• _TASK ITEM_
Go through the records and filter out every line lacking the word "educação"; copy the lines that remain.

........

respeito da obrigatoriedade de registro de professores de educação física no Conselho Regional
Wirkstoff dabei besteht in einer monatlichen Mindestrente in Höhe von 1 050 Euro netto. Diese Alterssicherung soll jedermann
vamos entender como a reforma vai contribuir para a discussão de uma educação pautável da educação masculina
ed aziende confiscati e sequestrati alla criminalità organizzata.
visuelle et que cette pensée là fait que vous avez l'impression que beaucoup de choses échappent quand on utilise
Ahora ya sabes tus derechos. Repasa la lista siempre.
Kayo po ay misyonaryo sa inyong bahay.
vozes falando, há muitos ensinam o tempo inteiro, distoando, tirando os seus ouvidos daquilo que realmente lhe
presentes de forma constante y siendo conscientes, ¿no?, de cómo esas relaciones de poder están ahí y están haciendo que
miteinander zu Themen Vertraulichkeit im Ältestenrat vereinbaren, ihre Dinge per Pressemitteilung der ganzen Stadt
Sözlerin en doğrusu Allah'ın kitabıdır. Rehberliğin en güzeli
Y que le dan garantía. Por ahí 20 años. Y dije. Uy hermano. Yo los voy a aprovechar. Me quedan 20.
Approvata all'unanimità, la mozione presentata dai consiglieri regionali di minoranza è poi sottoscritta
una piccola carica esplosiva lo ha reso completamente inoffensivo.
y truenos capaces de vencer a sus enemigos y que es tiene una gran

........

• _EXERCISE RESULT_
respeito da obrigatoriedade de registro de professores de educação física no Conselho Regional
vamos entender como a reforma vai contribuir para a discussão de uma educação pautável da educação masculina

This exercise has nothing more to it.